**Description of the task:** Return only the lines from the start of the records through the line that contains "ساک دستی جهت", inclusive; leave out all pictures.

Dataset items
%%
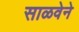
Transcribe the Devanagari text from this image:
साळवेने
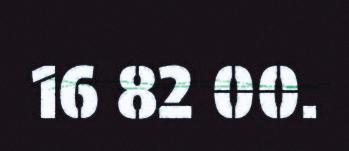
16 82 00.
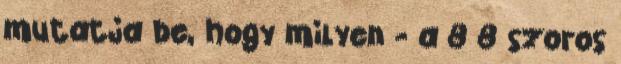
mutatja be, hogy milyen - a 8 8 szoros
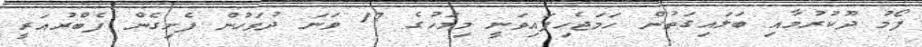
ފޯމު ދޫކުރުމާއި ބަލައިގަތުން ހަމަޖެހިފައިވަނީ މިމަހުގެ 17 ވަނަ ދުވަހުން ފެށިގެން ފެބްރުއަރީ
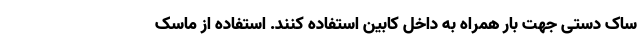
ساک دستی جهت بار همراه به داخل کابین استفاده کنند. استفاده از ماسک
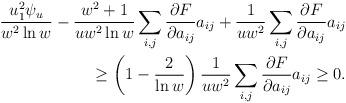
LaTeX: \begin{align*}\begin{aligned}\frac{u^2_1 \psi_u}{w^2 \ln w} - \frac{w^2 + 1}{u w^2 \ln w} \sum_{i,j} \frac{\partial F}{\partial a_{ij}} a_{ij} + \frac{1}{u w^2} \sum_{i,j} \frac{\partial F}{\partial a_{ij}} a_{ij} \\\geq \left( 1 - \frac{2}{ \ln w} \right)\frac{1}{u w^2} \sum_{i,j} \frac{\partial F}{\partial a_{ij}} a_{ij} \geq 0.\end{aligned}\end{align*}
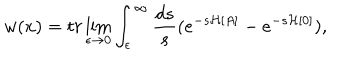
LaTeX: w ( x ) = t r \lim _ { \epsilon \to 0 } \int _ { \epsilon } ^ { \infty } \frac { d s } { s } ( e ^ { - s { \mathcal H } [ A ] } - e ^ { - s { \mathcal H } [ 0 ] } ) ,
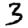
Digit: 3
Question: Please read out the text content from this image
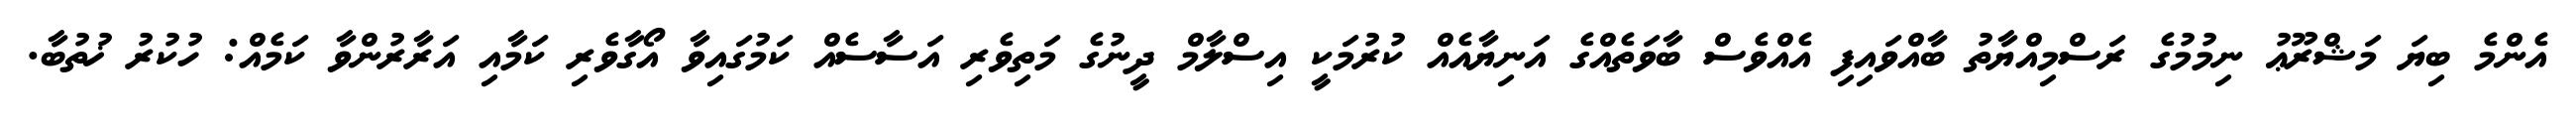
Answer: އެންމެ ބިޔަ މަޝްރޫޢު ނިމުމުގެ ރަސްމިއްޔާތު ބާއްވައިފި އެއްވެސް ބާވަތެއްގެ އަނިޔާއެއް ކުރުމަކީ އިސްލާމް ދީނުގެ މަތިވެރި އަސާސެއް ކަމުގައިވާ އޯގާވެރި ކަމާއި އަރާރުންވާ ކަމެއް: ހުކުރު ޚުތުބާ.
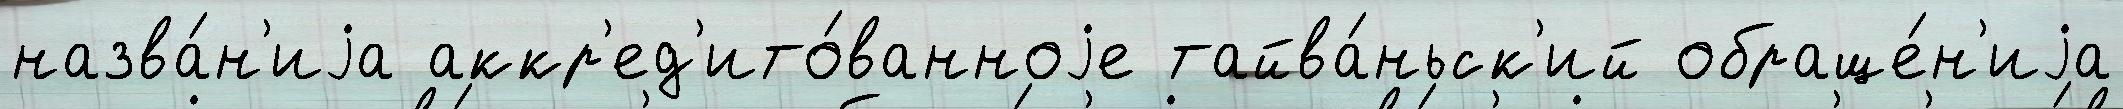
назва́н'иjа аккр'ед'ито́ванноjе тайва́ньск'ий обраще́н'иjа
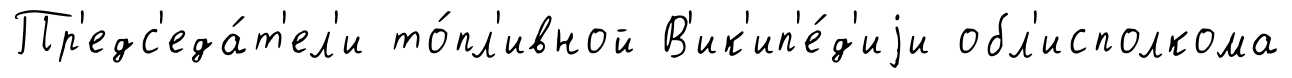
Пр'едс'еда́т'ел'и то́пл'ивной В'ик'ип'е́д'иjи обл'исполкома
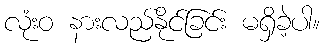
လုံးဝ နားလည်နိုင်ခြင်း မရှိခဲ့ပါ။
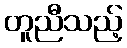
တူညီသည့်
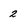
Character: 2
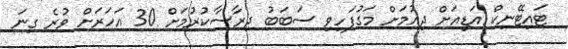
ޓައިޓޭނިކް އަޑިއަށް ދިއުމަށް މަގުފަހިވި ސަބަބު ދިރާސާކުރުމަށް 30 އަހަރަށް ވުރެ ގިނަ
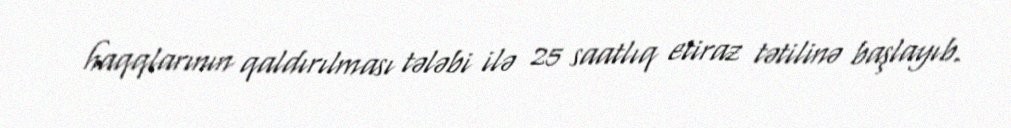
haqqlarının qaldırılması tələbi ilə 25 saatlıq etiraz tətilinə başlayıb.
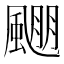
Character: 𱃅
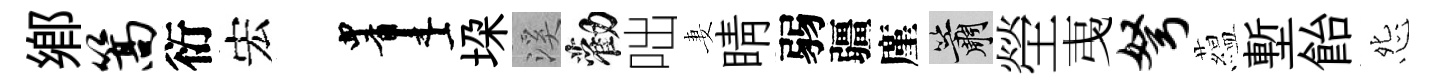
郷篙衍宏画垜溪勸咄妻睛弱疆廑簫塋𢎯弩藴塹飴怨
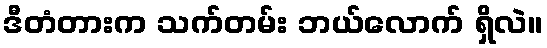
ဒီတံတားက သက်တမ်း ဘယ်လောက် ရှိလဲ။
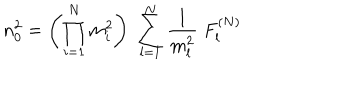
n _ { 0 } ^ { 2 } = \left( \prod _ { i = 1 } ^ { N } m _ { i } ^ { 2 } \right) \; \sum _ { l = 1 } ^ { N } \frac { 1 } { m _ { l } ^ { 2 } } \; F _ { l } ^ { ( N ) }
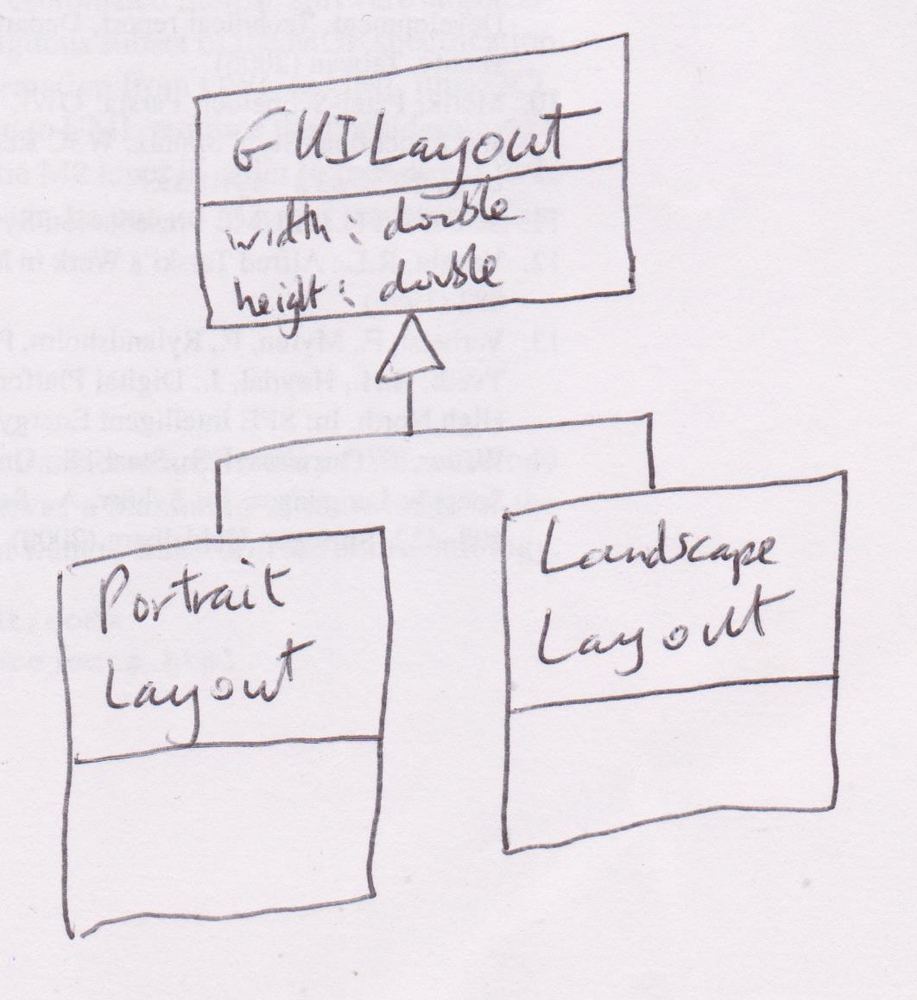
Diagram type: class_diagram
```plantuml
@startuml

skinParam groupInheritance 2

class GUILayout {
  width: double
  height: double
}

class PortraitLayout extends GUILayout

class LandscapeLayout extends GUILayout

@enduml
```
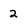
Character: 2
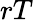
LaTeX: rT
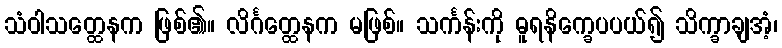
သံဝါသတ္ထေနက ဖြစ်၏။ လိင်္ဂတ္ထေနက မဖြစ်။ သင်္ကန်းကို ဓူရနိက္ခေပပယ်၍ သိက္ခာချအံ့၊
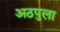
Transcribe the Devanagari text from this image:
अठपुला
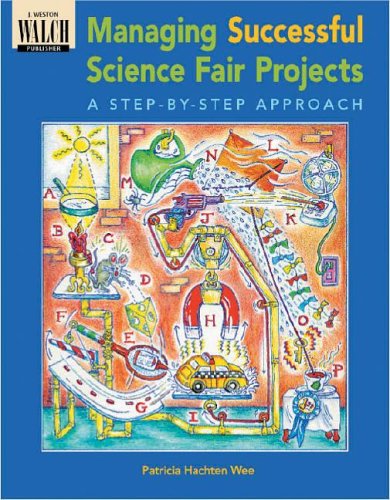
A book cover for Managing Successful Science Fair Projects: A Step-By-Step Approach; Patricia Hachten Wee; Science & Math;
%%
**Answer for this exercise:**
Transcribe the Devanagari text from this image:
साळवेने
16 82 00.
mutatja be, hogy milyen - a 8 8 szoros
ފޯމު ދޫކުރުމާއި ބަލައިގަތުން ހަމަޖެހިފައިވަނީ މިމަހުގެ 17 ވަނަ ދުވަހުން ފެށިގެން ފެބްރުއަރީ
ساک دستی جهت بار همراه به داخل کابین استفاده کنند. استفاده از ماسک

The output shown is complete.